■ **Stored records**
▼
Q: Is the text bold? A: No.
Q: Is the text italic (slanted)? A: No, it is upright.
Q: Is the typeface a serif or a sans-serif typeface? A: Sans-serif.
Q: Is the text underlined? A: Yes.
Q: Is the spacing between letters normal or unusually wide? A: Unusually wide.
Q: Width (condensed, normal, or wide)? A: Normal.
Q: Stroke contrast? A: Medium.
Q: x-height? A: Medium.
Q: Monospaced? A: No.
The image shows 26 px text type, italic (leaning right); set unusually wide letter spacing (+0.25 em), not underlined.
▲
■ **What you should do**
Transcribe each entry precisely, missing none.

■ **Task response**
Q: Is the text bold? A: No.
Q: Is the text italic (slanted)? A: No, it is upright.
Q: Is the typeface a serif or a sans-serif typeface? A: Sans-serif.
Q: Is the text underlined? A: Yes.
Q: Is the spacing between letters normal or unusually wide? A: Unusually wide.
Q: Width (condensed, normal, or wide)? A: Normal.
Q: Stroke contrast? A: Medium.
Q: x-height? A: Medium.
Q: Monospaced? A: No.
The image shows 26 px text type, italic (leaning right); set unusually wide letter spacing (+0.25 em), not underlined.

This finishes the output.